Nearly two-thirds of the public agree that charities have this responsibility, leading the Commission to argue: “In the public mind, charities are all in this together.”
This may well be true for larger charities with a high-profile, but it seems like a big ask for smaller charities. It would help if the Commission could expand on what it really means by this, otherwise it risks adding to the burden of charities that are already struggling with shrinking incomes and rising demands on their time.
For example, what practical things should a local animal sanctuary be doing to uphold the trust in the healthcare giant down the road?
Future of the Commission
Finally, the Commission uses this research to make the case for expanding its own remit beyond its legal duties.
It cites the survey finding that 53% of the public want to see the regulator ensure that charities “fulfil their wider responsibilities to society rather than just making sure they stick to the letter of the law”.
Baroness Stowell, chair of the Commission, went a bit further in an opinion article for the Times, suggesting that there should be wide review of how charities are registered and de-registered.
The Commission has not set out any detail as to what this could mean, but experts believe this would require changes to charity law, which frankly seems unlikely at the moment.
The regulator’s desire to move beyond its legal remit provokes concern among some.
Kristiana Wrixon, head of policy at ACEVO, criticised the Commission in a blog this week, saying that that the question was “leading”.
She adds: “The report doesn’t contain any reflections on who would get to decide the ‘wider responsibilities’ to society.
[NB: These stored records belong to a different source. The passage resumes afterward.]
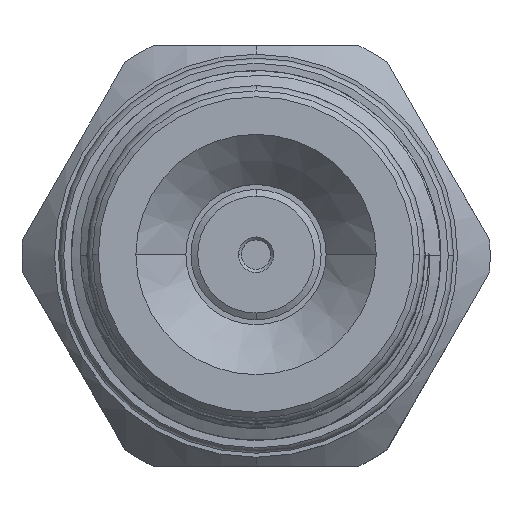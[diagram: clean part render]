
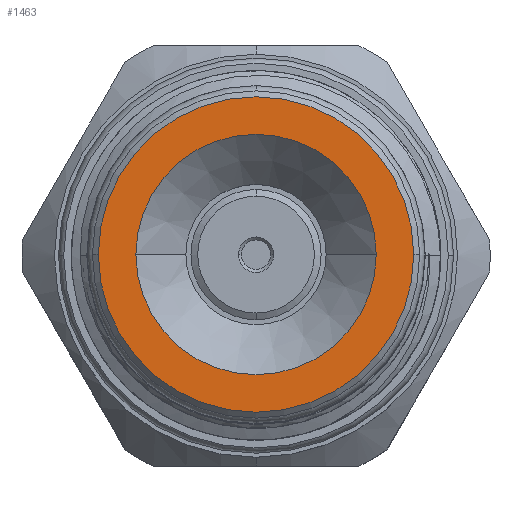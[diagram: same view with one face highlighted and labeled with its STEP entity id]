
A CAD part, top view. The second image highlights one B-rep face of the part: STEP entity #1463.
In plain terms, the highlighted planar face has unit normal (0, 0, 1).
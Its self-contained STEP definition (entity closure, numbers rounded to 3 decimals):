
#6 = VERTEX_POINT ( 'NONE', #1111 ) ;
#121 = VERTEX_POINT ( 'NONE', #1021 ) ;
#134 = VERTEX_POINT ( 'NONE', #1086 ) ;
#187 = FACE_BOUND ( 'NONE', #3283, .T. ) ;
#197 = FACE_OUTER_BOUND ( 'NONE', #5904, .T. ) ;
#272 = VERTEX_POINT ( 'NONE', #977 ) ;
#398 = ORIENTED_EDGE ( 'NONE', *, *, #3100, .F. ) ;
#399 = ORIENTED_EDGE ( 'NONE', *, *, #2918, .F. ) ;
#403 = ORIENTED_EDGE ( 'NONE', *, *, #2825, .T. ) ;
#406 = ORIENTED_EDGE ( 'NONE', *, *, #3102, .T. ) ;
#619 = AXIS2_PLACEMENT_3D ( 'NONE', #4723, #4721, #4722 ) ;
#650 = AXIS2_PLACEMENT_3D ( 'NONE', #5087, #4996, #5060 ) ;
#730 = AXIS2_PLACEMENT_3D ( 'NONE', #5655, #5656, #5657 ) ;
#732 = AXIS2_PLACEMENT_3D ( 'NONE', #5649, #5650, #5651 ) ;
#795 = CIRCLE ( 'NONE', #730, 10.715 ) ;
#860 = CIRCLE ( 'NONE', #732, 8.165 ) ;
#977 = CARTESIAN_POINT ( 'NONE',  ( 8.165, 0., 65.13 ) ) ;
#1021 = CARTESIAN_POINT ( 'NONE',  ( -8.165, 0., 65.13 ) ) ;
#1086 = CARTESIAN_POINT ( 'NONE',  ( 10.715, 0., 65.13 ) ) ;
#1111 = CARTESIAN_POINT ( 'NONE',  ( -10.715, 0., 65.13 ) ) ;
#1463 = ADVANCED_FACE ( 'NONE', ( #197, #187 ), #2200, .F. ) ;
#2192 = CARTESIAN_POINT ( 'NONE',  ( 0., 0., 65.13 ) ) ;
#2200 = PLANE ( 'NONE',  #3174 ) ;
#2202 = DIRECTION ( 'NONE',  ( 0., 0., -1. ) ) ;
#2203 = DIRECTION ( 'NONE',  ( -1., 0., 0. ) ) ;
#2825 = EDGE_CURVE ( 'NONE', #134, #6, #5172, .T. ) ;
#2918 = EDGE_CURVE ( 'NONE', #121, #272, #5335, .T. ) ;
#3100 = EDGE_CURVE ( 'NONE', #272, #121, #860, .T. ) ;
#3102 = EDGE_CURVE ( 'NONE', #6, #134, #795, .T. ) ;
#3174 = AXIS2_PLACEMENT_3D ( 'NONE', #2192, #2202, #2203 ) ;
#3283 = EDGE_LOOP ( 'NONE', ( #398, #399 ) ) ;
#4721 = DIRECTION ( 'NONE',  ( 0., 0., 1. ) ) ;
#4722 = DIRECTION ( 'NONE',  ( -1., 0., 0. ) ) ;
#4723 = CARTESIAN_POINT ( 'NONE',  ( 0., 0., 65.13 ) ) ;
#4996 = DIRECTION ( 'NONE',  ( 0., 0., 1. ) ) ;
#5060 = DIRECTION ( 'NONE',  ( 1., 0., 0. ) ) ;
#5087 = CARTESIAN_POINT ( 'NONE',  ( 0., 0., 65.13 ) ) ;
#5172 = CIRCLE ( 'NONE', #619, 10.715 ) ;
#5335 = CIRCLE ( 'NONE', #650, 8.165 ) ;
#5649 = CARTESIAN_POINT ( 'NONE',  ( 0., 0., 65.13 ) ) ;
#5650 = DIRECTION ( 'NONE',  ( 0., 0., 1. ) ) ;
#5651 = DIRECTION ( 'NONE',  ( 1., 0., 0. ) ) ;
#5655 = CARTESIAN_POINT ( 'NONE',  ( 0., 0., 65.13 ) ) ;
#5656 = DIRECTION ( 'NONE',  ( 0., 0., 1. ) ) ;
#5657 = DIRECTION ( 'NONE',  ( -1., 0., 0. ) ) ;
#5904 = EDGE_LOOP ( 'NONE', ( #406, #403 ) ) ;

This raises the question of whether the Commission is positioning itself to make that kind of decision.”
How useful is it?
So, in summary, some of the headline findings may already out of date. However, there are some useful insights as to what the public expects, which should help charity leaders in forming strategic priorities (that is if they find time to read them).
There are also clear indications about the Commission’s own future intentions that charities should be alert to.
A line that said "only 16% of respondents said that it is important that charities treat their employees well" has been removed. Respondents were asked to select the top three factors they considered important, and 16% said "treating employees well".